Comment 3 Wayne Davison 2006-09-30 10:47:50 UTC
Let me comment about the checksum slowness:

There is a diff in the patches dir named early-checksum.diff that makes the receiver do its checksumming at the same time that the sender is doing its checksumming.  I'm considering including this patch, but I need to do some more performance testing first.

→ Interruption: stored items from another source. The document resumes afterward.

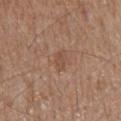biopsy status = catalogued during a skin exam; not biopsied
site = the mid back
image = ~15 mm crop, total-body skin-cancer survey
patient = male, aged 73 to 77
lighting = white-light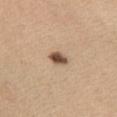The lesion was tiled from a total-body skin photograph and was not biopsied. This is a white-light tile. The lesion is located on the left thigh. A 15 mm close-up extracted from a 3D total-body photography capture. The lesion's longest dimension is about 2.5 mm. The lesion-visualizer software estimated a color-variation rating of about 4/10 and peripheral color asymmetry of about 1.5. The analysis additionally found an automated nevus-likeness rating near 100 out of 100 and lesion-presence confidence of about 100/100. A female patient, aged around 60.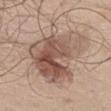Imaged during a routine full-body skin examination; the lesion was not biopsied and no histopathology is available.
A male subject about 55 years old.
Approximately 8.5 mm at its widest.
A lesion tile, about 15 mm wide, cut from a 3D total-body photograph.
An algorithmic analysis of the crop reported a mean CIELAB color near L≈54 a*≈17 b*≈25 and a normalized lesion–skin contrast near 8.5. And it measured a border-irregularity rating of about 5.5/10 and a peripheral color-asymmetry measure near 3.5.
The lesion is on the front of the torso.
The tile uses white-light illumination.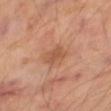notes — catalogued during a skin exam; not biopsied
image — ~15 mm tile from a whole-body skin photo
anatomic site — the leg
diameter — about 3 mm
patient — male, roughly 70 years of age

Comment 4 Matt McCutchen 2006-09-30 11:30:07 UTC
(In reply to comment #2)
> It would be nice if the receiver would notice that it copied 100% of the data
> from a --link-dest basis file to the destination temp file while also having
> all preserved attributes the same.

Along the same lines, if rsync notices that the temp file has the same data as the existing destination file, it could discard the temp file and instead tweak attributes of the existing destination file as it would have if the quick check had passed.  This way, if I wished to copy into a destination in which make is being used, I could disable --times, and the mtime of a destination file would only be hit if its data actually changed.
Comment 5 Matt McCutchen 2008-08-18 09:00:42 UTC
The post-transfer tweaks or --link-dest checks discussed here would be based on the identical-data check of bug 5583.